Dr. Mesut Yegen, a Turkish scholar and professor outlines several evolutionary stages of the conflict:

  • The emergence of Turkish nationalist reform programs in 1913
  • The “Muslimification” of Anatolia after WWI
  • The creation of the exclusionary 1924 Constitution
  • A concern for market stability in the 1950s and then globalization in the 1990s
  • And today, tension with Syria and a desire to join the European Union.

Some of these stages will be explained below in further detail relating to identity, but it is important to note that, according to Yegen, causes and effects of this conflict transcend the domestic realm, making it a relevant internationalized case to study (2006, pgs. 121-141). As James and Ozdamar put it, “internationally, Turkey’s foreign policy at both the global and regional level has been affected substantially” (2009, pg. 25).

Kurdish regions of Turkey
Kurdish regions of Turkey.

Overview from a political perspective

From a political outlook, the “Kurdish question” is characterized as being both a foreign policy deterrent and security dilemma for the Turks. Those who have studied the issue identify (political) elements of terrorism, bleak economic stratification and human rights abuses. For example, Ozcelik mentions that internationally, the Kurdish dilemma generates tension between Turkey’s neighbors, like Syria, and has inhibited Turkey from being accepted into the EU (2006, pg. 1). One of the main impediments to their acceptance to the EU is the existence of the Kurdish terrorist organization, the PKK (Kurdistan Workers Party) (Ozcelik, 2006, pg. 3). Scholars believe that Turkey has not yet qualified for the EU because of the fairly recent human rights abuses witnessed during the military-PKK conflict of 1984. The significance of a Human Rights narrative that was already on the rise in the early 1990s became internationally relevant during this deadly conflict and is still fresh in the minds of the Kurds and international community alike (Yegen, 2006, pg. 136). The Kurdish conflict, which started even before the creation of the Turkish Republic in 1923 (Ozcelik, 2006, pg. 1) can be considered a security dilemma, domestically and internationally, because it meets Shiping Tang’s “spiral model” requirements: anarchy, self-help toward security, fear and then power competition (Tang, 2011, pg. 515). Power competition is exemplified today through the PKK and Turkish military’s use of fear-mongering tactics (domestic) and by Syria’s support of this Kurdish terrorist organization (international) (Ozcelik, 2006, pg. 5).

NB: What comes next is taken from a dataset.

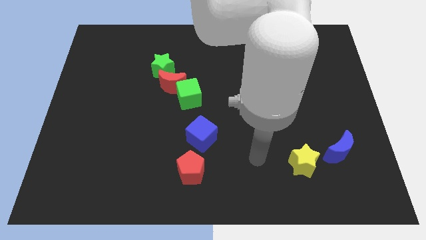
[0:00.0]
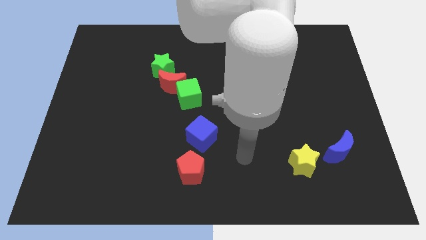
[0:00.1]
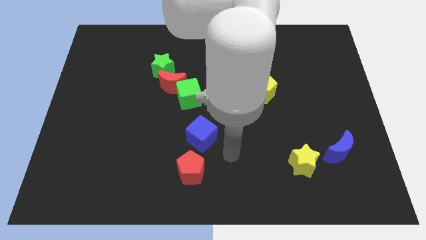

Kurdish discontent, as W.W Isajiw states, should also be considered from a historical economic paradigm (2000, pg. 118). James and Ozdamar describe the underlying tension between Syria and Turkey as economic competition (2009, pg. 23) and Ozcelik iterates that past rapid urbanization resulted in poor and insecure living conditions for millions of Turkish Kurds (2006, pg. 5).

Overview from a psychological perspective

Scholars have more recently studied the Kurdish dilemma from the psychological perspectives of the ethnic minority group (Kurds) and ethnic majority group (Turks). Historically speaking, BHN (basic human needs) began to be stripped from the Kurds when the Ottoman Empire began to decline in 1913. Their autonomy and basic rights of language, religion and physical security were stripped from them by a non-inclusive Turkish regime that desired centralization (Yegen, 2006, pg. 122). Ozcelik claims, though, that the Turks also have a Basic Human “non-negotiable need:” security (2006, pg. 4). This BHN has been jeopardized over the years by what the Turks perceive as a lack of political loyalty on the part of the Kurdish groups (Yegen, 2006, pg. 123).

Ted Gurr asserts in his idea of Relative Deprivation (RD) that there is a “perceived discrepancy between ‘value expectations’ (VE) (resources to which one feels entitled) and ‘value capabilities’ (VC) (resources one feels capable of acquiring and keeping)” (Ozcelik, 2006, pg. 5). By using Gurr’s RD perspective, Sezai Ozcelik points out that we can better understand the dissatisfaction of the Turkish-Kurds who have witnessed an increase of poverty in the south in accordance with an increase of economic development in the west (2006, pg.5).Yet, underlying all of these causal factors are the basic ideas of identity and perceptions of reality.